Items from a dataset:

------------

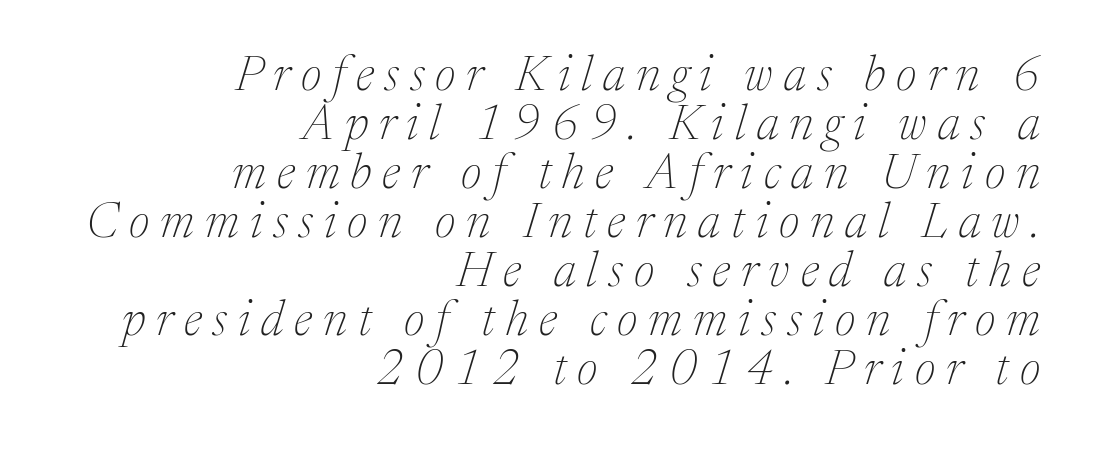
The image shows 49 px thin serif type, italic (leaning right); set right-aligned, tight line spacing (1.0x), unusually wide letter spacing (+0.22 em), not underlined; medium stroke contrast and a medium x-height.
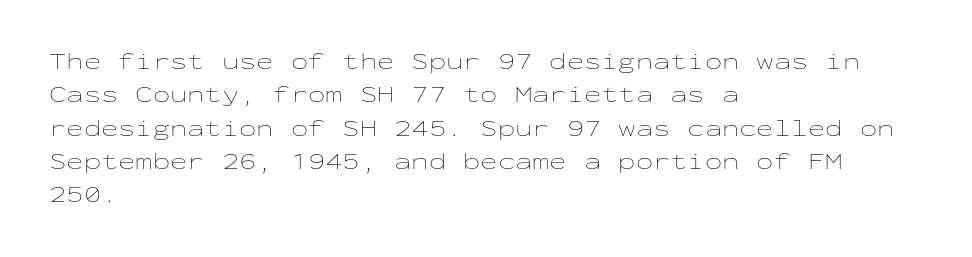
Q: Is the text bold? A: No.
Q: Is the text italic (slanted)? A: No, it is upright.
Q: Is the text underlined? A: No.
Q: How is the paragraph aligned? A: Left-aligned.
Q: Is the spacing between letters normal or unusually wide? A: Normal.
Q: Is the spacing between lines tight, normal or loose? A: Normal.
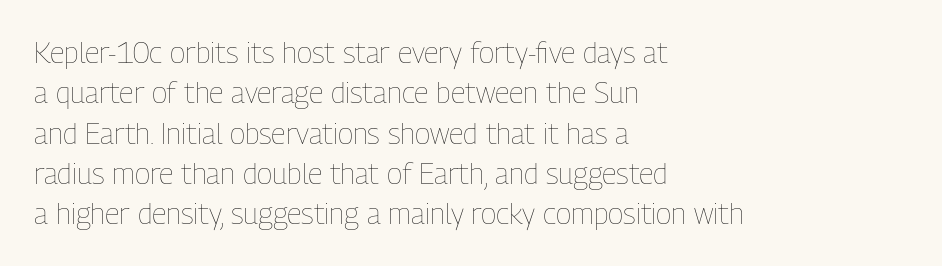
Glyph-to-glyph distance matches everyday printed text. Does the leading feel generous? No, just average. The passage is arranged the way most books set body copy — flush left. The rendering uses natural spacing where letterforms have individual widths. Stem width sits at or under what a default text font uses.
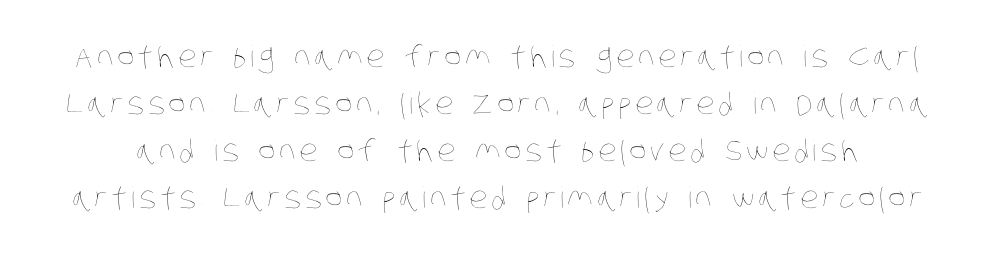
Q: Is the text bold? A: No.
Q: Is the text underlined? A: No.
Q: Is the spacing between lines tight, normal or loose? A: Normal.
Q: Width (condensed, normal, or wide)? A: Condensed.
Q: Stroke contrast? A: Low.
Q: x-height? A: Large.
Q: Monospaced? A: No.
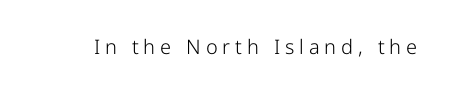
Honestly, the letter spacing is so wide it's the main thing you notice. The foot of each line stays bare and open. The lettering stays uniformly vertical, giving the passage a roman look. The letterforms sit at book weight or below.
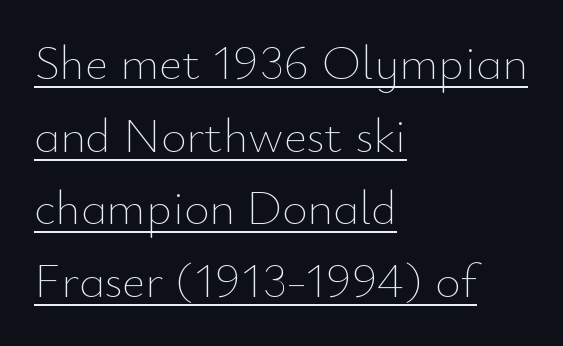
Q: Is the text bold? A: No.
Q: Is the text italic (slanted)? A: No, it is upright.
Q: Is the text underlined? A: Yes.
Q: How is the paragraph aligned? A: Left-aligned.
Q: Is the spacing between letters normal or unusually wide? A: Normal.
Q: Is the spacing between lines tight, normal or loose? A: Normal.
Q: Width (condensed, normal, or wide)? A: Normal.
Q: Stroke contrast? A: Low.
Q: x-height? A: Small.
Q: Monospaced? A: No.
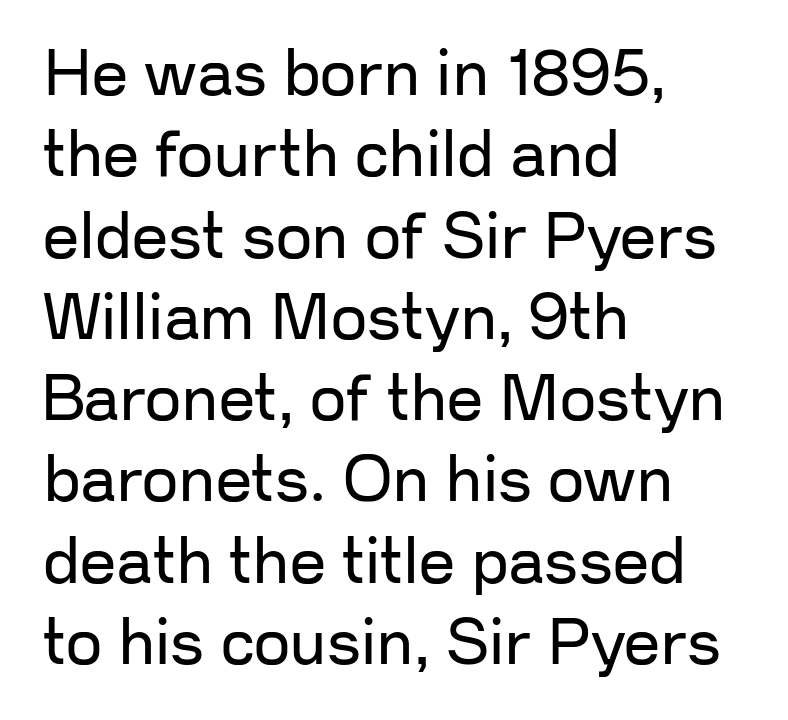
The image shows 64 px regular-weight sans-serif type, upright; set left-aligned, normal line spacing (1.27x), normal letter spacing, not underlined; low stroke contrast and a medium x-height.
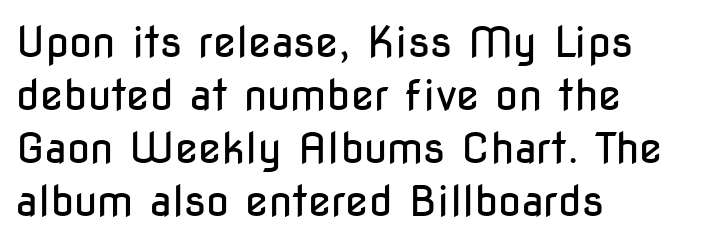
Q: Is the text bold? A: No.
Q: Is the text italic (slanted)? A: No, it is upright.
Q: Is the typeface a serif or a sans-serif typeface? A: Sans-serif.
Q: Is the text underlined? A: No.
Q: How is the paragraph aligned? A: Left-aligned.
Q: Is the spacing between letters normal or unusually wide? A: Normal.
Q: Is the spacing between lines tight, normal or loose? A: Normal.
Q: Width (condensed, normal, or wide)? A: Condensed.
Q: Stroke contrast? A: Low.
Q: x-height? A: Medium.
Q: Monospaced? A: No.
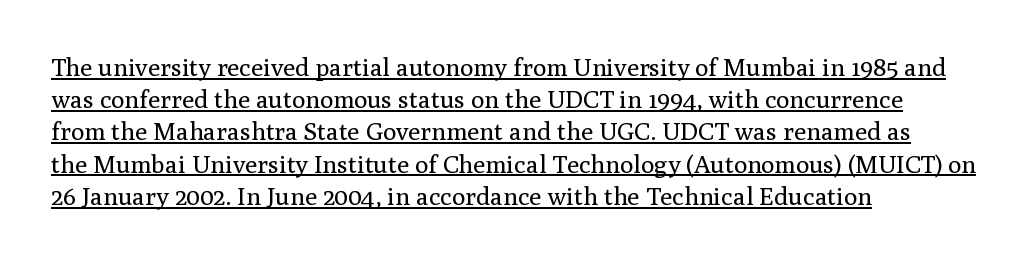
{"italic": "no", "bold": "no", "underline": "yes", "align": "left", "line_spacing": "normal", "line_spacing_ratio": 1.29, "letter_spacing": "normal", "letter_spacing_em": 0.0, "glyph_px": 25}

------------

WHAT TO PRODUCE: Wherever a picture appears, omit it; copy the rest of the data exactly.

EXPECTED OUTPUT:
The image shows 49 px thin serif type, italic (leaning right); set right-aligned, tight line spacing (1.0x), unusually wide letter spacing (+0.22 em), not underlined; medium stroke contrast and a medium x-height.
Q: Is the text bold? A: No.
Q: Is the text italic (slanted)? A: No, it is upright.
Q: Is the text underlined? A: No.
Q: How is the paragraph aligned? A: Left-aligned.
Q: Is the spacing between letters normal or unusually wide? A: Normal.
Q: Is the spacing between lines tight, normal or loose? A: Normal.
Glyph-to-glyph distance matches everyday printed text. Does the leading feel generous? No, just average. The passage is arranged the way most books set body copy — flush left. The rendering uses natural spacing where letterforms have individual widths. Stem width sits at or under what a default text font uses.
Q: Is the text bold? A: No.
Q: Is the text underlined? A: No.
Q: Is the spacing between lines tight, normal or loose? A: Normal.
Q: Width (condensed, normal, or wide)? A: Condensed.
Q: Stroke contrast? A: Low.
Q: x-height? A: Large.
Q: Monospaced? A: No.
Honestly, the letter spacing is so wide it's the main thing you notice. The foot of each line stays bare and open. The lettering stays uniformly vertical, giving the passage a roman look. The letterforms sit at book weight or below.
Q: Is the text bold? A: No.
Q: Is the text italic (slanted)? A: No, it is upright.
Q: Is the text underlined? A: Yes.
Q: How is the paragraph aligned? A: Left-aligned.
Q: Is the spacing between letters normal or unusually wide? A: Normal.
Q: Is the spacing between lines tight, normal or loose? A: Normal.
Q: Width (condensed, normal, or wide)? A: Normal.
Q: Stroke contrast? A: Low.
Q: x-height? A: Small.
Q: Monospaced? A: No.
The image shows 64 px regular-weight sans-serif type, upright; set left-aligned, normal line spacing (1.27x), normal letter spacing, not underlined; low stroke contrast and a medium x-height.
Q: Is the text bold? A: No.
Q: Is the text italic (slanted)? A: No, it is upright.
Q: Is the typeface a serif or a sans-serif typeface? A: Sans-serif.
Q: Is the text underlined? A: No.
Q: How is the paragraph aligned? A: Left-aligned.
Q: Is the spacing between letters normal or unusually wide? A: Normal.
Q: Is the spacing between lines tight, normal or loose? A: Normal.
Q: Width (condensed, normal, or wide)? A: Condensed.
Q: Stroke contrast? A: Low.
Q: x-height? A: Medium.
Q: Monospaced? A: No.
{"italic": "no", "bold": "no", "underline": "yes", "align": "left", "line_spacing": "normal", "line_spacing_ratio": 1.29, "letter_spacing": "normal", "letter_spacing_em": 0.0, "glyph_px": 25}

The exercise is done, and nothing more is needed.